Sandvik contends in this appeal that § 2255’s statute of limitations may be equitably tolled. He argues, moreover, that equitable tolling is justified in his case because the only reason the motion was late was his lawyer’s decision, only five days before the statute ran out, to send the motion from Atlanta to Miami by ordinary mail. We review the district court’s dismissal of Sandvik’s motion de novo because this issue is solely one of law. See United States v. Hooshmand , 931 F.2d 725, 737 (11th Cir. 1991). [2]

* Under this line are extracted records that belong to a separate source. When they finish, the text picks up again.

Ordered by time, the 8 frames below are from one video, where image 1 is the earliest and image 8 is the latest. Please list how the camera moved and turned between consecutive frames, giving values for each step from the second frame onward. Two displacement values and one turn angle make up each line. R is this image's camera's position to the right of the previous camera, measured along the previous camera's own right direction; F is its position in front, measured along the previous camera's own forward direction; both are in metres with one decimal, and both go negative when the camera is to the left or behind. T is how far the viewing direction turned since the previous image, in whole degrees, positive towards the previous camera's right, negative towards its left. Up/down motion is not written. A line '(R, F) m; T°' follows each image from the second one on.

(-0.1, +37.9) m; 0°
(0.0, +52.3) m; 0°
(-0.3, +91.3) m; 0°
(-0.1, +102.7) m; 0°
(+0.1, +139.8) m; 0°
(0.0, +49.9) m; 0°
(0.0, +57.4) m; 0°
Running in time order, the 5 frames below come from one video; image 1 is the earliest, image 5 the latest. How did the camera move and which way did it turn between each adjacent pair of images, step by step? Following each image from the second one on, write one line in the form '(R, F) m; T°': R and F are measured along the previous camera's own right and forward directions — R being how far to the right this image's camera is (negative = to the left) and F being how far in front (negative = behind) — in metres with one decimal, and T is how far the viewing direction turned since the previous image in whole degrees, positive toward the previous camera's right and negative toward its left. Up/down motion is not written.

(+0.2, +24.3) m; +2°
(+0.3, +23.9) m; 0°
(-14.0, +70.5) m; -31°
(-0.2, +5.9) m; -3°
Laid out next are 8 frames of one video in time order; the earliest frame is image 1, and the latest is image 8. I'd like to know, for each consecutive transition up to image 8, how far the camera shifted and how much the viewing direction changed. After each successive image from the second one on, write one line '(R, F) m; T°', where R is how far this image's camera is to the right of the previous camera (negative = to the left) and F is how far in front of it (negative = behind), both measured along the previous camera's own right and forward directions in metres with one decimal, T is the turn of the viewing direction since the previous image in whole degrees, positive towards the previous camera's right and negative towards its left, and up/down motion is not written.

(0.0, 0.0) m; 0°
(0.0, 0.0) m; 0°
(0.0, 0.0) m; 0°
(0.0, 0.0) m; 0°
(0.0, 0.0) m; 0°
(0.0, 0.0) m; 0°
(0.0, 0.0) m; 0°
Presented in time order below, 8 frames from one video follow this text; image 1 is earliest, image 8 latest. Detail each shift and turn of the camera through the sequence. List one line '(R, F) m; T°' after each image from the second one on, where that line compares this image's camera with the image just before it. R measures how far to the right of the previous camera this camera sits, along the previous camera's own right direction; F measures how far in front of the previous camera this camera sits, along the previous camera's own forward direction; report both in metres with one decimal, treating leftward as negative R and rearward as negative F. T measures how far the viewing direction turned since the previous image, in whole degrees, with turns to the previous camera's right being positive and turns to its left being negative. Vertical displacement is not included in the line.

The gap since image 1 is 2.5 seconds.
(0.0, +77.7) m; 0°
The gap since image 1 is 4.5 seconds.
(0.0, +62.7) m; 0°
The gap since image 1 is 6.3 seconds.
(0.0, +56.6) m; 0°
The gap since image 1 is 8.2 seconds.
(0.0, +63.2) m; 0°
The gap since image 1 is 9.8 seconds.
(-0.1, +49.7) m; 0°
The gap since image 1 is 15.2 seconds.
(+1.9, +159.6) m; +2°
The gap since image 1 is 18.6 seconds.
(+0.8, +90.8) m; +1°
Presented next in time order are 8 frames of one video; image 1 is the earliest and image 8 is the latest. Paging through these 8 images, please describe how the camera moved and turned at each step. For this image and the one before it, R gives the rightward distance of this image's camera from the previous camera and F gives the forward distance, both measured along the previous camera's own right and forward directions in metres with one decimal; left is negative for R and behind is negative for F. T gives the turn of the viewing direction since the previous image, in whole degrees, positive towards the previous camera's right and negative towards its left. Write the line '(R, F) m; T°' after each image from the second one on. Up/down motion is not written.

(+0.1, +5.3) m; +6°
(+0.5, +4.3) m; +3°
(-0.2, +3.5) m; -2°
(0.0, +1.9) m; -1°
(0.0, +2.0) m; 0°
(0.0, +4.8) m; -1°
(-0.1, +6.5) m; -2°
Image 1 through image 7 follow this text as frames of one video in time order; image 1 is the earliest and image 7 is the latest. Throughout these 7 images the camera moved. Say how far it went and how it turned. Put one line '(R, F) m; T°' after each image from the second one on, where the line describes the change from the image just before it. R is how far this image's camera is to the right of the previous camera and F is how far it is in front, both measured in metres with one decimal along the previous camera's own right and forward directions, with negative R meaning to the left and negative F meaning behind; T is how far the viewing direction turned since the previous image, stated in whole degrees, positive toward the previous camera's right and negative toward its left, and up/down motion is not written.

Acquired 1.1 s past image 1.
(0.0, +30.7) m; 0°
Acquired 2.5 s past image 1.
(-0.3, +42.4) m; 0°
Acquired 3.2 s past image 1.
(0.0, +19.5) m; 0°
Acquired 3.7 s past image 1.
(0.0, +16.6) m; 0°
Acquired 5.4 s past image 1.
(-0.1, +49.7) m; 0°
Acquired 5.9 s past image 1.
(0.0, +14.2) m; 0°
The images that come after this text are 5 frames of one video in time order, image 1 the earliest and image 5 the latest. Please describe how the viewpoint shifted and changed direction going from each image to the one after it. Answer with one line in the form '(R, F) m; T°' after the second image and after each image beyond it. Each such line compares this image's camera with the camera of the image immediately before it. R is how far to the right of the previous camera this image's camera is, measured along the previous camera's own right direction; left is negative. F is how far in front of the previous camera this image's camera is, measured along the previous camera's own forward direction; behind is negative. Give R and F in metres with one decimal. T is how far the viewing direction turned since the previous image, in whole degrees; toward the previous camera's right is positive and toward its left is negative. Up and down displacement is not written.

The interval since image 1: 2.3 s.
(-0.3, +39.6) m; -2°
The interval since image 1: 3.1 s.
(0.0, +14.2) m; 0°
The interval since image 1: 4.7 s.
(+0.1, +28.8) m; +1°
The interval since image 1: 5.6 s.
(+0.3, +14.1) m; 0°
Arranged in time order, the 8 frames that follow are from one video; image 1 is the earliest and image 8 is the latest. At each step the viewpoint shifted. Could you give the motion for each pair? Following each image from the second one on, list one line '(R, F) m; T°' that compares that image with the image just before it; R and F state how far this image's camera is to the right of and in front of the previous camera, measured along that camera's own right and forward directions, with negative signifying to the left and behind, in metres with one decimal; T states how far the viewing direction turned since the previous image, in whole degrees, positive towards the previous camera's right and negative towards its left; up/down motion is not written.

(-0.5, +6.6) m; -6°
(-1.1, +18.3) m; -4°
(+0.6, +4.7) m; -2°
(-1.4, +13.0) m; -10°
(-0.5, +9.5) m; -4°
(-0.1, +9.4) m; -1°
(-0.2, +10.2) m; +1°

2. Discussion To our knowledge, no court of appeals has held whether § 2255 permits equitable tolling on grounds apart from those specified in the statute. [3] This field is not completely unploughed, however: A consensus is forming that the similar period of limitations found in 28 U.S.C. § 2244, which governs 28 U.S.C. § 2254 petitions, does permit equitable tolling. See Calderon v. United States Dist. Ct. , 163 F.3d 530, 541 (9th Cir. 1998) (en banc); Davis v. Johnson , 158 F.3d 806, 810 (5th Cir. 1998), cert. denied , 119 S. Ct. 1474 (1999); Miller v. New Jersey State Dep’t of Corrections , 145 F.3d 616, 618 (3d Cir. 1998); Miller v. Marr , 141 F.3d 976, 978 (10th Cir.), cert. denied , 119 S. Ct. 210 (1998). These opinions all properly examine the language and intent of the statute itself to determine whether equitable tolling is available, as the Supreme Court has instructed us to do. See United States v. Beggerly , 118 S. Ct. 1862, 1868 (1998). Their reasons, moreover, are sound.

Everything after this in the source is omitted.